There's a story about the MBA candidate who decided to accept at the Ivy League. Just after he graduated, he took a fishing vacation in a small village in Mexico and fell in love with the place. He moved to NY and worked on Wall Street to pay off his expensive loans. He hated his job after a time but kept it so that he could pay for a house in Connecticut near where he could fish. Still every summer he would fly with his friends down to Mexico and catch marlin but he never got the big one. He worked overtime and took Spanish classes at night so that he could retire early and buy that little house in the fishing village. He neglected his family to climb the ladder and become a partner in the firm. Finally when he was 45 he paid off his house, quit his job, divorced his trophy wife, lost the equity in the house, suffered a heart attack and moved to Mexico. His vacation finally became his life. He realized finally that he could have done the same thing 20 years ago. It was the price he was willing to pay ruining the lives of all the people he hated in NYC. He bought freedom very expensively only to reduce his needs to zero. It wasn't until he became the captain of his charter boat a few years later that he could see in the eyes of his old fishing buddies who still lived in NY how they were slowly dying. None of them made partner the way he did and every summer when they came to fish, they lamented that they would never be rich enough live in a Mexican fishing village.

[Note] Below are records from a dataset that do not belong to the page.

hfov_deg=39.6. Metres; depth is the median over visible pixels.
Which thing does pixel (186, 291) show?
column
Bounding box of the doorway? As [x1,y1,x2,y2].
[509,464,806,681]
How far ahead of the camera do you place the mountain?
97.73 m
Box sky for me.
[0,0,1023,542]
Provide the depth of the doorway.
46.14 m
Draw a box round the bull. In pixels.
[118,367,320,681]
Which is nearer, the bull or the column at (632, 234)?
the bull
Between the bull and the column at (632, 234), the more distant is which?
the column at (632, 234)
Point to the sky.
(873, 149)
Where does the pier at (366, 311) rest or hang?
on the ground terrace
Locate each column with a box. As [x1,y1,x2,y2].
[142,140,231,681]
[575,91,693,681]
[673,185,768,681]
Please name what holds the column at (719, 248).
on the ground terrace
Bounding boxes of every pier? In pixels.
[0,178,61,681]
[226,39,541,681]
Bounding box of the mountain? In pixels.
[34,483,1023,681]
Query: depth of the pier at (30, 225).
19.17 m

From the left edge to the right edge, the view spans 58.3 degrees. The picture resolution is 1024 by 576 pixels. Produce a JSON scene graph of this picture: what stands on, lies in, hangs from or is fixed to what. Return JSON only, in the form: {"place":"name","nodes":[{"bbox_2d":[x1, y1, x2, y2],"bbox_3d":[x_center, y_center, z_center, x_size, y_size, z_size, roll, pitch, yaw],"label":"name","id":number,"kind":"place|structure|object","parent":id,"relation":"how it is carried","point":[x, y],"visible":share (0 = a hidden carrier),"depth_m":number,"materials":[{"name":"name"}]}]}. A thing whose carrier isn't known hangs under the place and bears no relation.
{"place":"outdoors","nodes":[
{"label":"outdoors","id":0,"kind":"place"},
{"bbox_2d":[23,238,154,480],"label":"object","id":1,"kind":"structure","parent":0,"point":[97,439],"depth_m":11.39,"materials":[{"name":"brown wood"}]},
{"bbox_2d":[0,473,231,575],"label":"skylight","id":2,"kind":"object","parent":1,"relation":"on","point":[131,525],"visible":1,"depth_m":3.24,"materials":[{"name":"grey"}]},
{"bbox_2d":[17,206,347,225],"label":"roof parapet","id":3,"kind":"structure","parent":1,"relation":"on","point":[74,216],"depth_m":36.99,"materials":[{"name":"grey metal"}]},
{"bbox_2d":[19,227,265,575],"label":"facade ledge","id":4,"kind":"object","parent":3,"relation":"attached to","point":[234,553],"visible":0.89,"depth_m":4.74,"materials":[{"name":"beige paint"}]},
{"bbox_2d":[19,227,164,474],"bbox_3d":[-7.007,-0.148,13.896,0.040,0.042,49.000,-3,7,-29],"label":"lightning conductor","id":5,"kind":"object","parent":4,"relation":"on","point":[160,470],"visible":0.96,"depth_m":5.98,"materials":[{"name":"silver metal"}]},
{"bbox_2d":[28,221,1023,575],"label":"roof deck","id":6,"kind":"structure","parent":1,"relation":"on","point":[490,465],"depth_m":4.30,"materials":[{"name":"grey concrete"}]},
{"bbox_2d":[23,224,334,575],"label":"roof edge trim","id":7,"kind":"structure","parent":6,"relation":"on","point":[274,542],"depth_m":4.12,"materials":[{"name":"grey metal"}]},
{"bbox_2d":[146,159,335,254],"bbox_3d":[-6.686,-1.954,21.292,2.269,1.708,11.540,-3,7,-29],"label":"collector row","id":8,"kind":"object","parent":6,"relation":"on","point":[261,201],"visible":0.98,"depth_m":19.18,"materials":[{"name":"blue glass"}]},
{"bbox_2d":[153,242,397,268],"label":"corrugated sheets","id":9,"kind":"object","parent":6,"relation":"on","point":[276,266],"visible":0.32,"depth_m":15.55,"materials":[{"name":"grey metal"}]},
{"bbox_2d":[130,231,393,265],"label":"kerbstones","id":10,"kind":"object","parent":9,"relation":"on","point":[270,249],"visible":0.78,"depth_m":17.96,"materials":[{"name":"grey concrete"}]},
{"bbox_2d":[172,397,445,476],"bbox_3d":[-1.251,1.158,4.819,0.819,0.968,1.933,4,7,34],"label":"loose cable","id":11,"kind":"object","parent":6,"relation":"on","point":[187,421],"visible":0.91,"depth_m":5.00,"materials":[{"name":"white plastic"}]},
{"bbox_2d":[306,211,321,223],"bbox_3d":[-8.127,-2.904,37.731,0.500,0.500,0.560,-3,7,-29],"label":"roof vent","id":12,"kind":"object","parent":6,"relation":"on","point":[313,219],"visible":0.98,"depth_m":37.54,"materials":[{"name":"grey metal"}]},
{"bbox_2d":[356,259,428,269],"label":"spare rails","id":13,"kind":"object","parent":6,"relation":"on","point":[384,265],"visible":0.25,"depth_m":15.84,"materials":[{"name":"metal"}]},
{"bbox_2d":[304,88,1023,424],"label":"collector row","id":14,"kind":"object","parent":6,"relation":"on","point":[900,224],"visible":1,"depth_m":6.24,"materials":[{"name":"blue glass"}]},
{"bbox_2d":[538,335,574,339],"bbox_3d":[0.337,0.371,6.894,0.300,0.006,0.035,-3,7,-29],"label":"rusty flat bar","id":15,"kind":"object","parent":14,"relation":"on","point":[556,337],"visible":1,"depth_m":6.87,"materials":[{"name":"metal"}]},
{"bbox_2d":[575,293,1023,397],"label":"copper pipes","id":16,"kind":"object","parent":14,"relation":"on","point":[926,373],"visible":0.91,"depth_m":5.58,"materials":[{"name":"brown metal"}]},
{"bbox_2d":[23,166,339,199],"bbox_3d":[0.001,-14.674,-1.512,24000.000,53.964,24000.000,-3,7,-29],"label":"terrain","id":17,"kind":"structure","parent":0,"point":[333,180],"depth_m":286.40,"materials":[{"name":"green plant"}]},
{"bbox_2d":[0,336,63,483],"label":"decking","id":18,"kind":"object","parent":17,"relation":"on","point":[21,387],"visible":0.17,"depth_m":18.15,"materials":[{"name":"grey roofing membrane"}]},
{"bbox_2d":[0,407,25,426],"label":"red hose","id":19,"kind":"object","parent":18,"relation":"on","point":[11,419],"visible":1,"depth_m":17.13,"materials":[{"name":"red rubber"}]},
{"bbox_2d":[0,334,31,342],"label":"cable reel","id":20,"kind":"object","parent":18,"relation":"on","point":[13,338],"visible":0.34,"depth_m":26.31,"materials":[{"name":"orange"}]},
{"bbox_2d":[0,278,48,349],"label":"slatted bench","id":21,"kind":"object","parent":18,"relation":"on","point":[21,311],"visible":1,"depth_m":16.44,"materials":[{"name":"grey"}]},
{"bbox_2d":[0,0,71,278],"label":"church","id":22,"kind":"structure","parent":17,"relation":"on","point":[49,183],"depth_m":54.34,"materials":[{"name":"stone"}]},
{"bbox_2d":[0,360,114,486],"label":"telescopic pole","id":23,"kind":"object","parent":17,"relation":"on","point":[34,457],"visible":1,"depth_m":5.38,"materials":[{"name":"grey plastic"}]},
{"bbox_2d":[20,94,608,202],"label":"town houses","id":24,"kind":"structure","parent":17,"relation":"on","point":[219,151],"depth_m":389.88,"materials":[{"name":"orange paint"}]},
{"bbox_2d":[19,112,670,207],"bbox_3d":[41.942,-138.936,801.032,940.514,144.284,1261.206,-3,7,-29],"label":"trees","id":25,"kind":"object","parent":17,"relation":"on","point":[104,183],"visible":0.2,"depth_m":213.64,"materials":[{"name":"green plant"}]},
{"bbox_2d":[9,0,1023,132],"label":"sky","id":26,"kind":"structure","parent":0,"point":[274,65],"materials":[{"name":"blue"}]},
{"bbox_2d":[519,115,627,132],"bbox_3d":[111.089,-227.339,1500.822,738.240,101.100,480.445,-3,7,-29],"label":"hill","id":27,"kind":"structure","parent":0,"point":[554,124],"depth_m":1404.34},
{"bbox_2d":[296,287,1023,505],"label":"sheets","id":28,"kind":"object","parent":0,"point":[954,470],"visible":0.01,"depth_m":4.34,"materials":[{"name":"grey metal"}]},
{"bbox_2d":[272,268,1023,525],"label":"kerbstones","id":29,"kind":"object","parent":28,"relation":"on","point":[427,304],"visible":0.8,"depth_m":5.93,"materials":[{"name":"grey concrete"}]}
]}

We will never know if red state of mind, independent America is as happy with their disconnected lives as those in the urban liberal cosmopolitan feng shui. But we will always know that riches are limited and that everybody cannot be better educated, richer, and more sophisticated than average. We will always know that the road towards totalitarianism is straight, well-paved and is designed for mass transit.
What is conservatism? It's a lot of things. But it's important to understand the limits of centrally standarized, synchronized, culture of singular progress of upward mobility. It always needs the attention and support of the masses, and it fails spectacularly.